Oman is the safest Arab country in fighting cyber attackers

Oman is the safest Arab country in fighting cyber attackers

Oman is ranked fourth on Global Cyber Security Index and first in the Arab region, but cyber security challenges due to growing technology applications lie ahead.

Oman’s cyber government bodies Information Technology Authority (ITA) and Computer Emergency Readiness Team (CERT) have thwarted more than 70 million attacks this year, including malware, phishing and organised attacks.

Experts believe the fight against cyber crimes has just begun with advancing and more resilient threats.

“Cyber security is something that is ongoing all the time and does not sleep. We are working on it, but there is a lot more to be done. We have already drafted the data protection law, and we are working on regulations pertaining to the IoT (Internet of Things), smart cities and other developing technologies,” Salim Al Ruzaiqi, Head of ITA, told Times of Oman during the sixth Regional Cyber Security Summit (RCSS) being held in Oman on November 20 and 21.

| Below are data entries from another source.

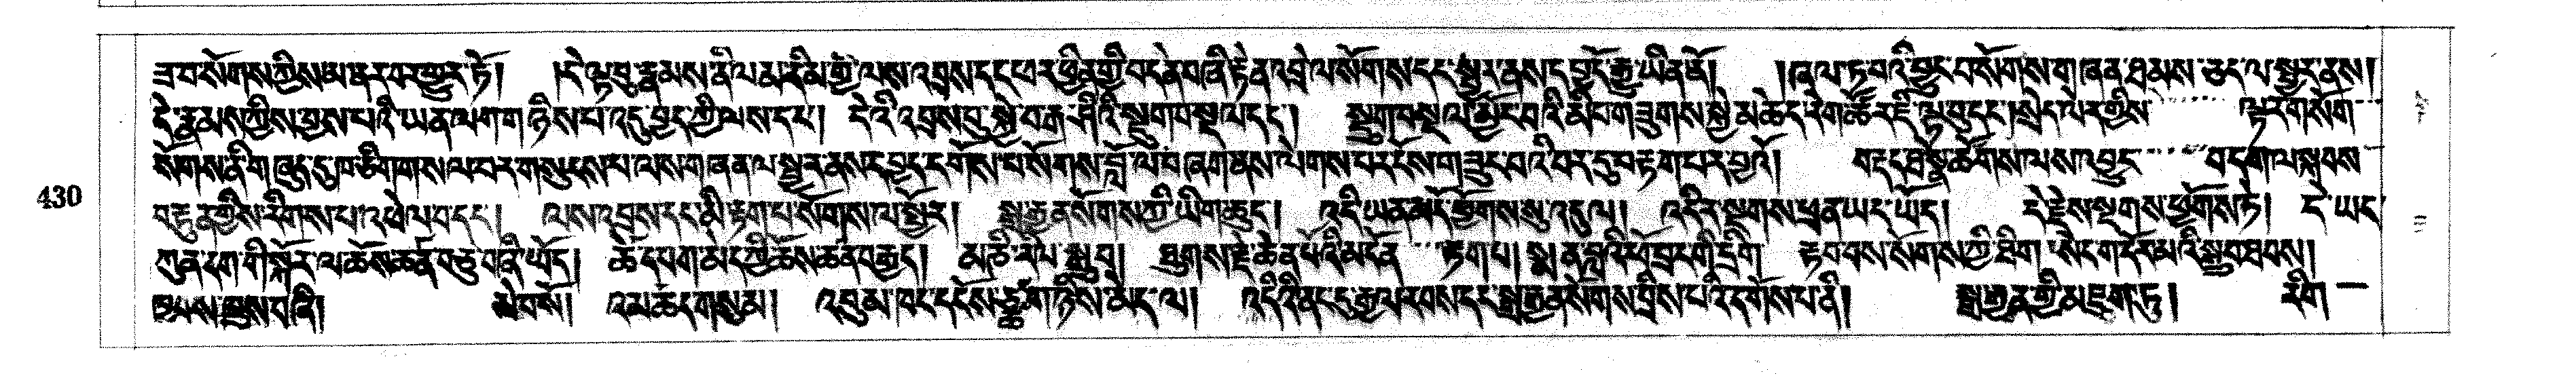ཟ་བ་སོགས་ཀྱིས་མ་ནར་བར་གྱུར་ཏོ། །དེ་ལྟ་བུ་རྣམས་ནི་ལམ་རིམ་གྱི་ལས་འབྲས་དང་ཕར་ཕྱིན་གྱི་བདེན་བཞི་རྟེན་འབྲེལ་སོགས་དང་སྦྱར་ནས་དབྱོད་རྒྱུ་ཡིན་ནོ། །ཞལ་ཏ་བའི་བྱུང་བ་སོགས་གཞན་ཐམས་ཅད་ལ་སྦྱར་ནས།
དེ་རྣམས་ཀྱིས་བྱས་པའི་ཡན་ལག་གཉིས་པ་འདུ་བྱད་ཀྱི་ལས་དང་། དེའི་འབྲས་བུ་སྐྱེ་བ་རྒ་ཤིའི་སྡུག་བསྔལ་དང་། སྡུག་བསྔལ་མྱོང་བའི་མིང་གཟུགས་སྐྱེ་མཆེད་རེག་ཚོར་ཇི་ལྟ་བུ་དང་། སྲེད་ལེར་གྱིས་ལྟར་གསོག་
སོགས་ནི་གཞུད་དུ་ཁ་ཅིག་གསལ་བར་གསུངས་པ་ལས་གཞན་ལ་སྦྱར་ནས་དབྱད་དགོས་པ་སོགས་བློ་ལ་བཞག་ནས་ལེགས་པར་ངོས་གཟུང་བའི་བར་དུ་བརྟག་པར་བྱའོ། བརྡད་ཐེ་སྣ་ཚོགས་ལས་འབྱུང་བདག་ལ་སྐབས་
བརྟུན་གྱིས་རིགས་པ་འཕེལ་བ་དང་། ལས་འབྲས་དང་མི་རྟག་པ་སོགས་ལ་སྤྱོར། སྒྲ་རྒྱན་སོགས་ཀྱི་ཡིག་ཆུང་། འདི་ཡན་མདོ་ཕྱོགས་སུ་འདུལ། འདིར་སྔགས་ཕྲན་ཡང་ཡོད། དེ་རྗེས་སྔགས་ཕྱོགས་ཏེ། དེ་ཡང་
ཀུན་དག་གི་སྐོར་ལ་ཆོས་ཚན་བཅུ་བཞི་ཡོད། ཚེ་དཔག་མེད་ཀྱི་ཆོས་ཚན་བརྒྱད། མ་ཎི་རིལ་སྒྲུབ། ཐུགས་རྗེ་ཆེན་པོའི་མངོན་རྟག་པ། སྨན་བླའི་ཕོ་བྲང་གི་དྲིག་རྟབ་བས་སོགས་ཀྱི་ཐིག་སེང་གདོང་མའི་སྒྲུབ་ཐབས།
ཁྱབས་ཁྲུས་བཞི། མེ་བསོ། འམ་ཚད་གསུམ། འབུམ་ཁང་དངོས་ཙཚ་གཉིས་མེད་ལ། འདིའི་ནང་དུ་རྒྱལ་རབས་དང་སྒྲ་རྒྱན་སོགས་བྲིས་པའི་དགོས་པ་ནི། སྒྲ་རྒྱན་གྱི་མཇུག་ཏུ། རིག་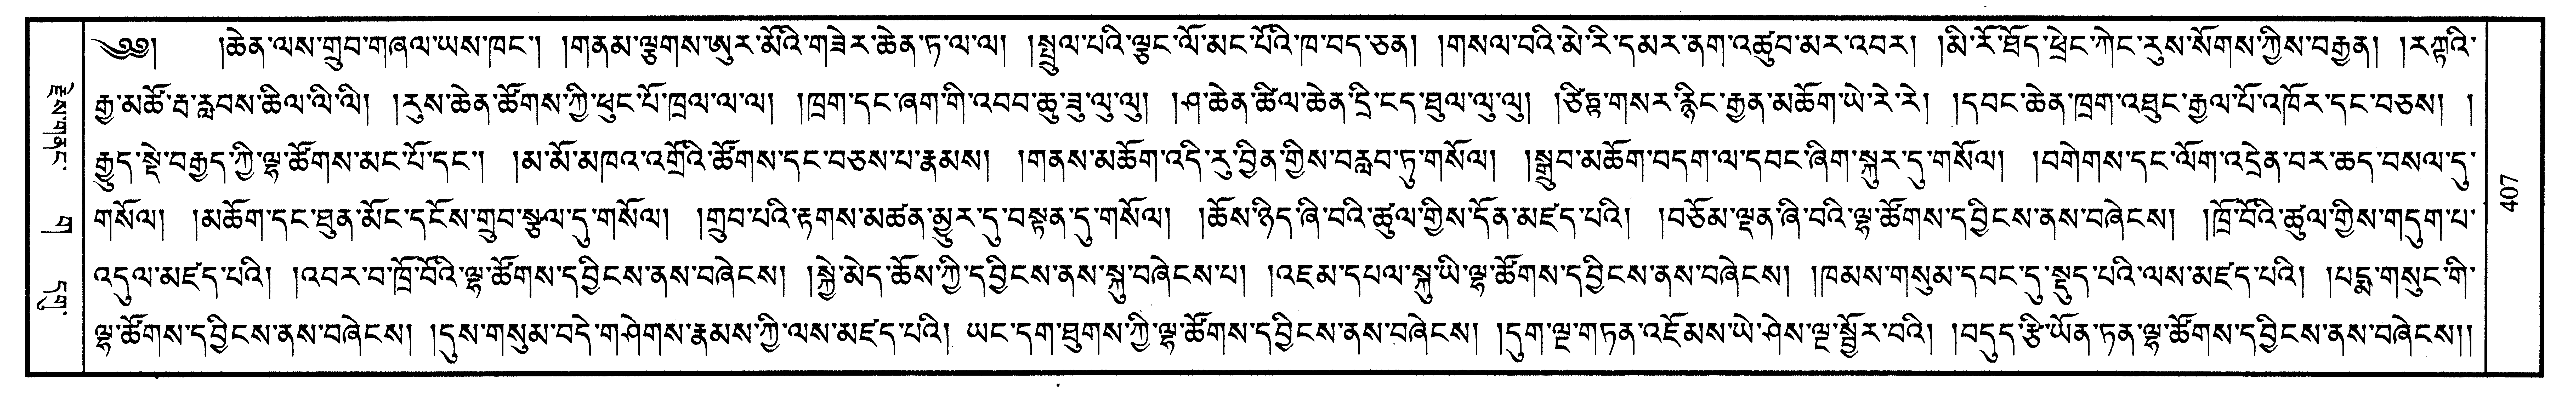༄༅། །ཆེན་ལས་གྲུབ་གཞལ་ཡས་ཁང་། །གནམ་ལྕགས་ཨུར་མོའི་གཟེར་ཆེན་ཏ་ལ་ལ། །སྤྲུལ་པའི་ལྕང་ལོ་མང་པོའི་ཁ་བད་ཅན། །གསང་བའི་མེ་རི་དམར་ནག་འཚུབ་མར་འབར། །མི་རོ་ཐོད་ཕྲེང་ཀེང་རུས་སོགས་ཀྱིས་བརྒྱན། །རཀྟའི་
རྒྱ་མཚོ་རྦ་རླབས་ཆིལ་ལི་ལི། །རུས་ཆེན་ཚོགས་ཀྱི་ཕུང་པོ་ཁྲལ་ལ་ལ། །ཁྲག་དང་ཞག་གི་འབབ་ཆུ་ཟུ་ལུ་ལུ། །ཤ་ཆེན་ཚིལ་ཆེན་དྲི་ངད་ཐུལ་ལུ་ལུ། །ཙིཏྟ་གསར་རྙིང་རྒྱན་མཆོག་ཡེ་རེ་རེ། །དབང་ཆེན་ཁྲག་འཐུང་རྒྱལ་པོ་འཁོར་དང་བཅས། །
རྒྱུད་སྡེ་བརྒྱད་ཀྱི་ལྷ་ཚོགས་མང་པོ་དང་། །མ་མོ་མཁའ་འགྲོའི་ཚོགས་དང་བཅས་པ་རྣམས། །གནས་མཆོག་འདི་རུ་བྱིན་གྱིས་བརླབ་ཏུ་གསོལ། །སྒྲུབ་མཆོག་བདག་ལ་དབང་ཞིག་སྐུར་དུ་གསོལ། །བགེགས་དང་ལོག་འདྲེན་བར་ཆད་བསལ་དུ་
གསོལ། །མཆོག་དང་ཐུན་མོང་དངོས་གྲུབ་སྩལ་དུ་གསོལ། །གྲུབ་པའི་རྟགས་མཚན་མྱུར་དུ་བསྟན་དུ་གསོལ། །ཆོས་ཉིད་ཞི་བའི་ཚུལ་གྱིས་དོན་མཛད་པའི། །བཅོམ་ལྡན་ཞི་བའི་ལྷ་ཚོགས་དབྱིངས་ནས་བཞེངས། །ཁྲོ་བོའི་ཚུལ་གྱིས་གདུག་པ་
འདུལ་མཛད་པའི། །འབར་བ་ཁྲོ་བོའི་ལྷ་ཚོགས་དབྱིངས་ནས་བཞེངས། །སྐྱེ་མེད་ཆོས་ཀྱི་དབྱིངས་ནས་སྐུ་བཞེངས་པ། །འཇམ་དཔལ་སྐུ་ཡི་ལྷ་ཚོགས་དབྱིངས་ནས་བཞེངས། །ཁམས་གསུམ་དབང་དུ་སྡུད་པའི་ལས་མཛད་པའི། །པདམ་གསུང་གི་
ལྷ་ཚོགས་དབྱིངས་ནས་བཞེངས། །དུས་གསུམ་བདེ་གཤེགས་རྣམས་ཀྱི་ལས་མཛད་པའི། ཡང་དག་ཐུགས་ཀྱི་ལྷ་ཚོགས་དབྱིངས་ནས་བཞེངས། །དུག་ལྔ་གཏན་འཇོམས་ཡེ་ཤེས་ལྔ་སྦྱོར་བའི། །བདུད་རྩི་ཡོན་ཏན་ལྷ་ཚོགས་དབྱིངས་ནས་བཞེངས།།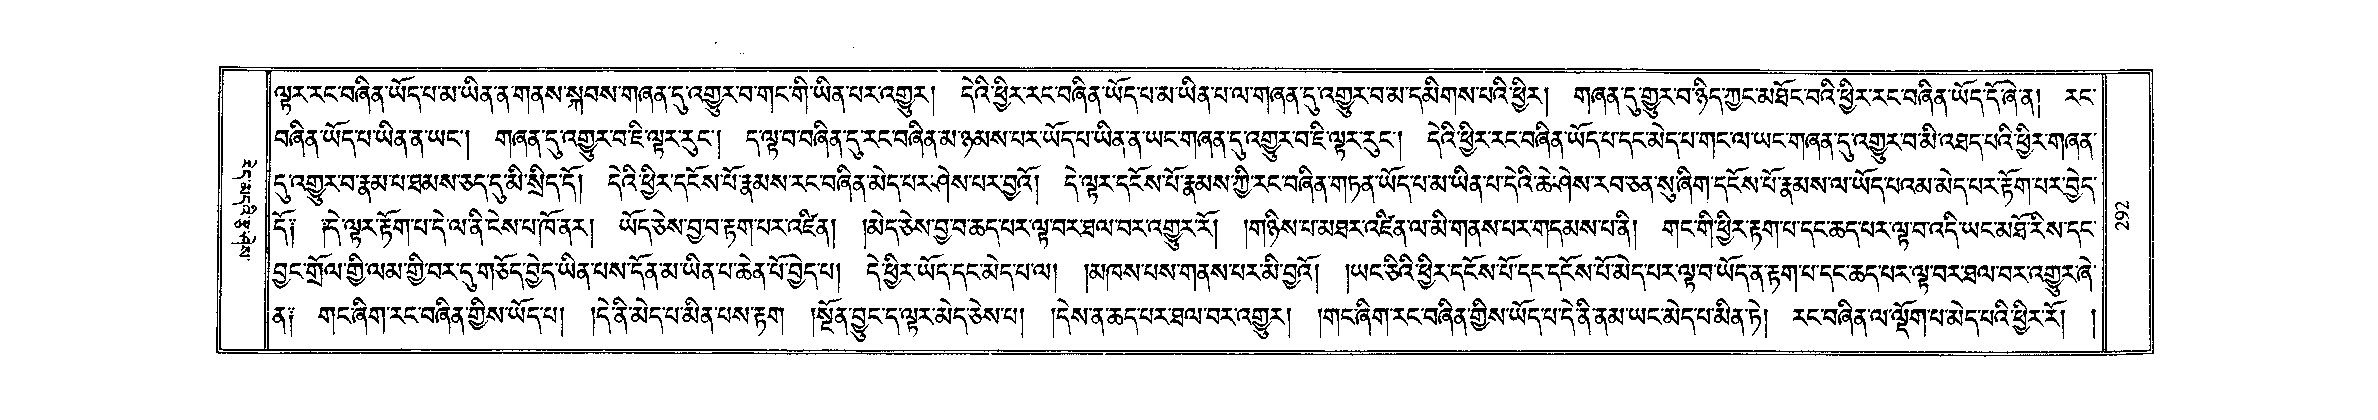ལྟར་རང་བཞིན་ཡོད་པ་མ་ཡིན་ན་གནས་སྐབས་གཞན་དུ་འགྱུར་བ་གང་གི་ཡིན་པར་འགྱུར། དེའི་ཕྱིར་རང་བཞིན་ཡོད་པ་མ་ཡིན་པ་ལ་གཞན་དུ་འགྱུར་བ་མ་དམིགས་པའི་ཕྱིར། གཞན་དུ་གྱུར་བ་ཉིད་ཀྱང་མཐོང་བའི་ཕྱིར་རང་བཞིན་ཡོད་དོ་ཞེ་ན། རང་
བཞིན་ཡོད་པ་ཡིན་ན་ཡང་། གཞན་དུ་འགྱུར་བ་ཇི་ལྟར་རུང་། ད་ལྟ་བ་བཞིན་དུ་རང་བཞིན་མ་ཉམས་པར་ཡོད་པ་ཡིན་ན་ཡང་གཞན་དུ་འགྱུར་བ་ཇི་ལྟར་རུང་། དེའི་ཕྱིར་རང་བཞིན་ཡོད་པ་དང་མེད་པ་གང་ལ་ཡང་གཞན་དུ་འགྱུར་བ་མི་འཐད་པའི་ཕྱིར་གཞན་
དུ་འགྱུར་བ་རྣམ་པ་ཐམས་ཅད་དུ་མི་སྲིད་དོ། དེའི་ཕྱིར་དངོས་པོ་རྣམས་རང་བཞིན་མེད་པར་ཤེས་པར་བྱའོ། དེ་ལྟར་དངོས་པོ་རྣམས་ཀྱི་རང་བཞིན་གཏན་ཡོད་པ་མ་ཡིན་པ་དེའི་ཆེ་ཤེས་རབ་ཅན་སུ་ཞིག་དངོས་པོ་རྣམས་ལ་ཡོད་པའམ་མེད་པར་རྟོག་པར་བྱེད་
དོ༑ ༑དེ་ལྟར་རྟོག་པ་དེ་ལ་ནི་ངེས་པ་ཁོ་ནར། ཡོད་ཅེས་བྱ་བ་རྟག་པར་འཛིན། །མེད་ཅེས་བྱ་བ་ཆད་པར་ལྟ་བར་ཐལ་བར་འགྱུར་རོ། །གཉིས་པ་མཐར་འཛིན་ལ་མི་གནས་པར་གདམས་པ་ནི། གང་གི་ཕྱིར་རྟག་པ་དང་ཆད་པར་ལྟ་བ་འདི་ཡང་མཐོ་རིས་དང་
བྱང་གྲོལ་གྱི་ལམ་གྱི་བར་དུ་གཅོད་བྱེད་ཡིན་པས་དོན་མ་ཡིན་པ་ཆེན་པོ་བྱེད་པ། དེ་ཕྱིར་ཡོད་དང་མེད་པ་ལ། །མཁས་པས་གནས་པར་མི་བྱའོ། །ཡང་ཅིའི་ཕྱིར་དངོས་པོ་དང་དངོས་པོ་མེད་པར་ལྟ་བ་ཡོད་ན་རྟག་པ་དང་ཆད་པར་ལྟ་བར་ཐལ་བར་འགྱུར་ཞེ་
ན༑ གང་ཞིག་རང་བཞིན་གྱིས་ཡོད་པ། །དེ་ནི་མེད་པ་མིན་པས་རྟག །སྔོན་བྱུང་ད་ལྟར་མེད་ཅེས་པ། །དེས་ན་ཆད་པར་ཐལ་བར་འགྱུར། །གང་ཞིག་རང་བཞིན་གྱིས་ཡོད་པ་དེ་ནི་ནམ་ཡང་མེད་པ་མིན་ཏེ། རང་བཞིན་ལ་ལྡོག་པ་མེད་པའི་ཕྱིར་རོ། །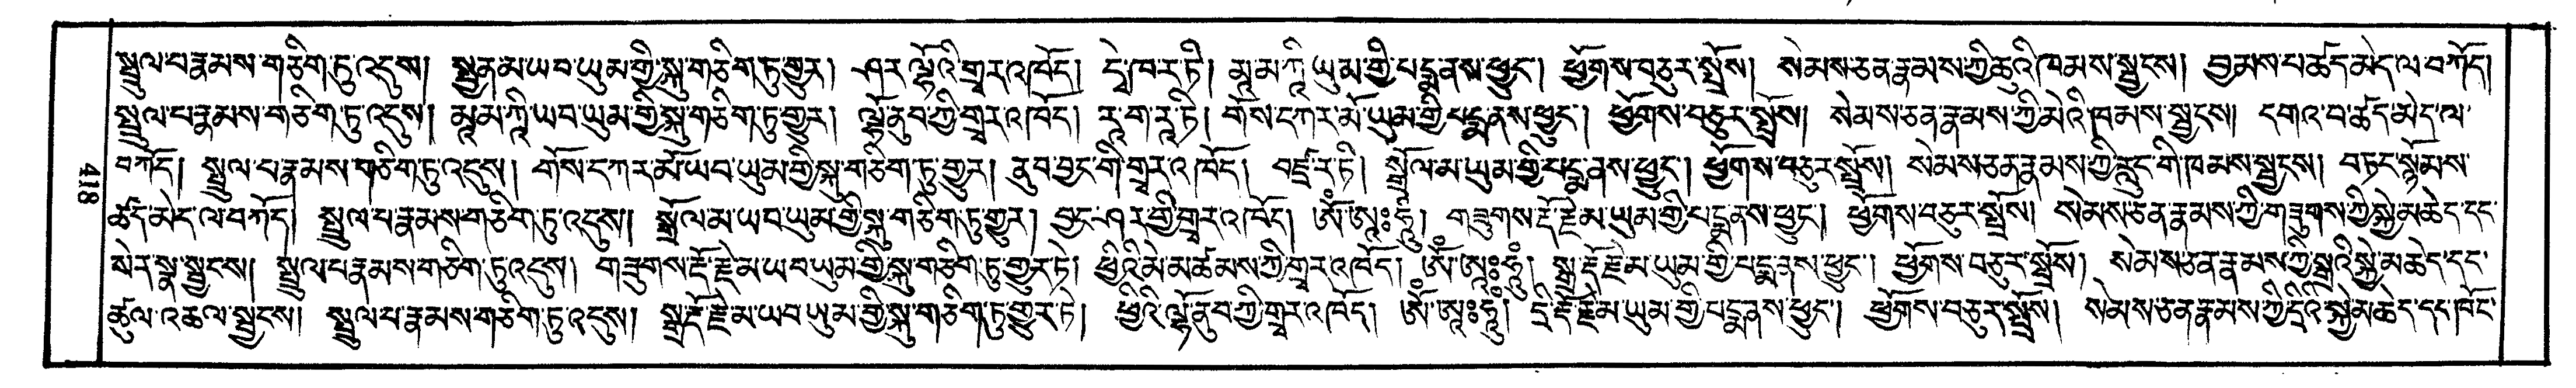སྤྲུལ་པ་རྣམས་གཅིག་ཏུ་འདུས། སྤྱན་མ་ཡབ་ཡུམ་གྱི་སྐུ་གཅིག་ཏུ་གྱུར། ཤར་ལྷོའི་གྲྭར་འཁོད། དྭེ་ཁ་ར་ཏི། མཱ་མ་ཀཱི་ཡུམ་གྱི་པདམ་ནས་ཕྱུང་། ཕྱོགས་བཅུར་སྤྲོས། སེམས་ཅན་རྣམས་ཀྱི་ཆུའི་ཁམས་སྦྱངས། བྱམས་པ་ཚད་མེད་ལ་བཀོད།
སྤྲུལ་པ་རྣམས་གཅིག་ཏུ་འདུས། མཱ་མ་ཀཱི་ཡབ་ཡུམ་གྱི་སྐུ་གཅིག་ཏུ་གྱུར། ལྷོ་ནུབ་ཀྱི་གྲྭར་འཁོད། རཱ་ག་རཱ་ཏི། གོས་དཀར་མོ་ཡུམ་གྱི་པདམ་ནས་ཕྱུང་། ཕྱོགས་བཅུར་སྤྲོས། སེམས་ཅན་རྣམས་ཀྱི་མེའི་ཁམས་སྦྱངས། དགའ་བ་ཚད་མེད་ལ་
བཀོད། སྤྲུལ་པ་རྣམས་གཅིག་ཏུ་འདུས། གོས་དཀར་མོ་ཡབ་ཡུམ་གྱི་སྐུ་གཅིག་ཏུ་གྱུར། ནུབ་བྱང་གི་གྲྭར་འཁོད། བཛྲ་ར་ཏི། སྒྲོལ་མ་ཡུམ་གྱི་པདམ་ནས་བྱུང་། ཕྱོགས་བཅུར་སྤྲོས། སེམས་ཅན་རྣམས་ཀྱི་རླུང་གི་ཁམས་སྦྱངས། བཏང་སྙོམས་
ཚད་མེད་ལ་བཀོད། སྤྲུལ་པ་རྣམས་གཅིག་ཏུ་འདུས། སྒྲོལ་མ་ཡབ་ཡུམ་གྱི་སྐུ་གཅིག་ཏུ་གྱུར། བྱང་ཤར་གྱི་གྲྭར་འཁོད། ཨོཾ་ཨཱཿ ཧཱུཾ། གཟུགས་རྡོ་རྗེ་མ་ཡུམ་གྱི་པདམ་ནས་ཕྱུང་། ཕྱོགས་བཅུར་སྤྲོས། སེམས་ཅན་རྣམས་ཀྱི་གཟུགས་ཀྱི་སྐྱེ་མཆེད་དང་
སེར་སྣ་སྦྱངས། སྤྲུལ་པ་རྣམས་གཅིག་ཏུ་འདུས། གཟུགས་རྡོ་རྗེ་མ་ཡབ་ཡུམ་གྱི་སྐུ་གཅིག་ཏུ་གྱུར་ཏེ། ཕྱིའི་མེ་མཚམས་ཀྱི་གྲྭར་འཁོད། ཨོཾ་ཨཱཿ ཧཱུཾ། སྒྲ་རྡོ་རྗེ་མ་ཡུམ་གྱི་པདམ་ནས་ཕྱུང་། ཕྱོགས་བཅུར་སྤྲོས། སེམས་ཅན་རྣམས་ཀྱི་སྒྲའི་སྐྱེ་མཆེད་དང་
ཚུལ་འཆལ་སྦྱངས། སྤྲུལ་པ་རྣམས་གཅིག་ཏུ་འདུས། སྒྲ་རྡོ་རྗེ་མ་ཡབ་ཡུམ་གྱི་སྐུ་གཅིག་ཏུ་གྱུར་ཏེ། ཕྱིའི་ལྷོ་ནུབ་ཀྱི་གྲྭར་འཁོད། ཨོཾ་ཨཱཿ ཧཱུཾ། དྲི་རྡོ་རྗེ་མ་ཡུམ་གྱི་པདམ་ནས་ཕྱུང་། ཕྱོགས་བཅུར་སྤྲོས། སེམས་ཅན་རྣམས་ཀྱི་དྲིའི་སྐྱེ་མཆེད་དང་ཁོང་

Oman is ranked 81st most cyber attacked nation in the world this year, making it a relatively secure nation, but experts say it does not mean Oman is isolated from attacks or growing new technology footprint.

Citing data from cyber security firms Kaspersky and Symantec, Badr Al Salehi, Head of CERT, said that the financial costs of cyber attacks are nearing half a trillion dollars worldwide this year, and the security threat to every sector is real.

“We have seen an increase in ransomware attacks in Oman. One in 131 emails is a malware and one in 2,596 emails is a phishing attempt. Worldwide, the financial cost of ransomware has touched $1 billion. Some 18,639 incidents were reported in Oman, which included website and network attacks and accounts that were compromised. We have detected 549 malware until now in Oman this year and 129 cases of cyber crime. All these show that although we have built a resilient security system, threats are evolving and will continue,” he noted.

Cost savings

Omantel, the state-owned telecom company, recently launched a dedicated IoT network, in partnership with French IoT firm Sigfox, which helps companies gather data using any device that is connected to the network. Although this brings significant efficiency and cost savings, it is also a major threat to cyber security, as any vulnerable device can act as a backdoor for getting into a network.

“Attacks in the future will be different. They will be hard to predict and more dangerous. The development of IoT, smart cities and AI (artificial intelligence), among others, will pose threats that are larger and harder to manage,” he remarked.

He cited examples of how cyber criminals were getting better with technology, and pointed out that one could hire criminals through the dark web to commit cyber crimes.

Future threats

To combat future threats, the Sultanate of Oman needs to step up education and create awareness on topics of cyber security, added Al Salehi. “We need international cooperation. We also need to raise awareness among the various stakeholders and introduce cyber security drills. There is also a need to develop local cyber security tools, instead of relying on ones from outside all the time.”

Several delegates and speakers from the Federal Bureau of Investigation (FBI) of the USA and Interpol from Europe, as well as other private and government organisations, were present on the first day of the sixth Regional Cyber Security Summit.